_Directions_: In the data below, the copy begins at the line containing "[00:00:00.100]" and runs through the last line; repeat those lines exactly, minus the pictures.

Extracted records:
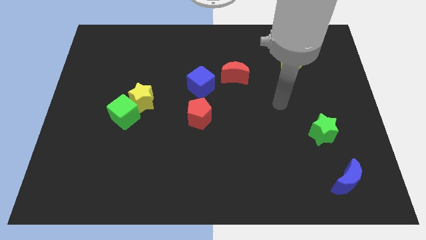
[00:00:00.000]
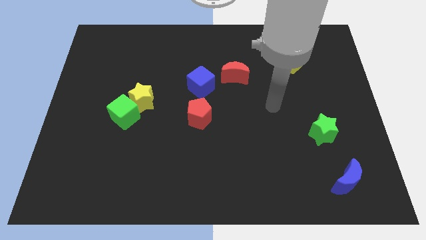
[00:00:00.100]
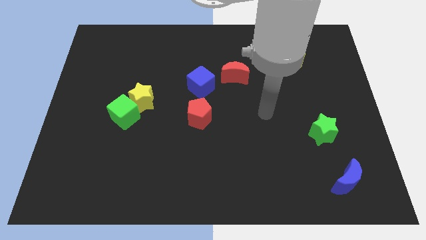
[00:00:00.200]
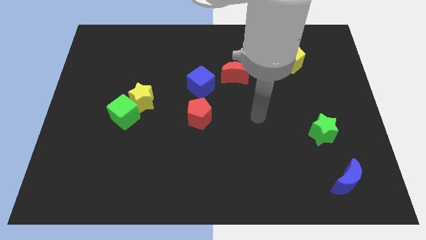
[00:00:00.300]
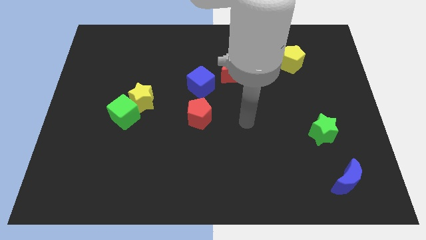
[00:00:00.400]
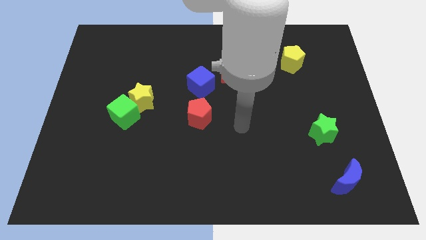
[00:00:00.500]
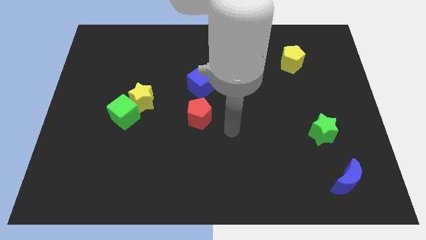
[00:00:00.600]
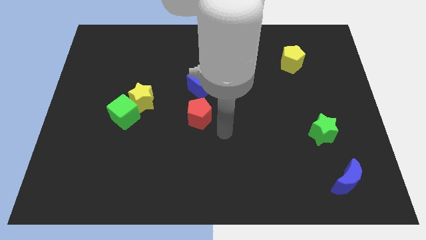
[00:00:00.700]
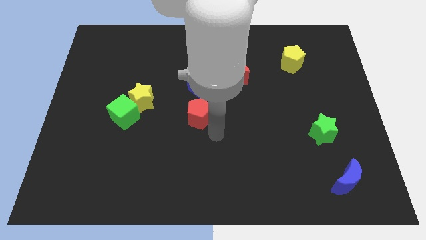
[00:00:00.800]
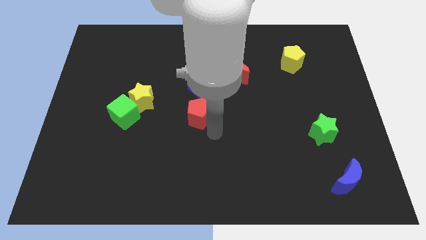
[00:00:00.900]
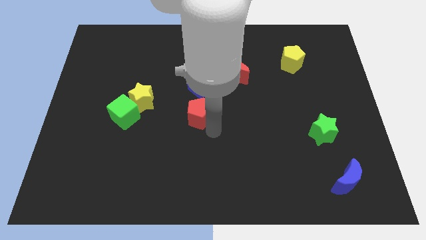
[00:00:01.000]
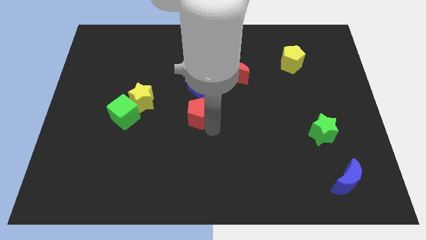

_Problem solution_:
[00:00:00.100]
[00:00:00.200]
[00:00:00.300]
[00:00:00.400]
[00:00:00.500]
[00:00:00.600]
[00:00:00.700]
[00:00:00.800]
[00:00:00.900]
[00:00:01.000]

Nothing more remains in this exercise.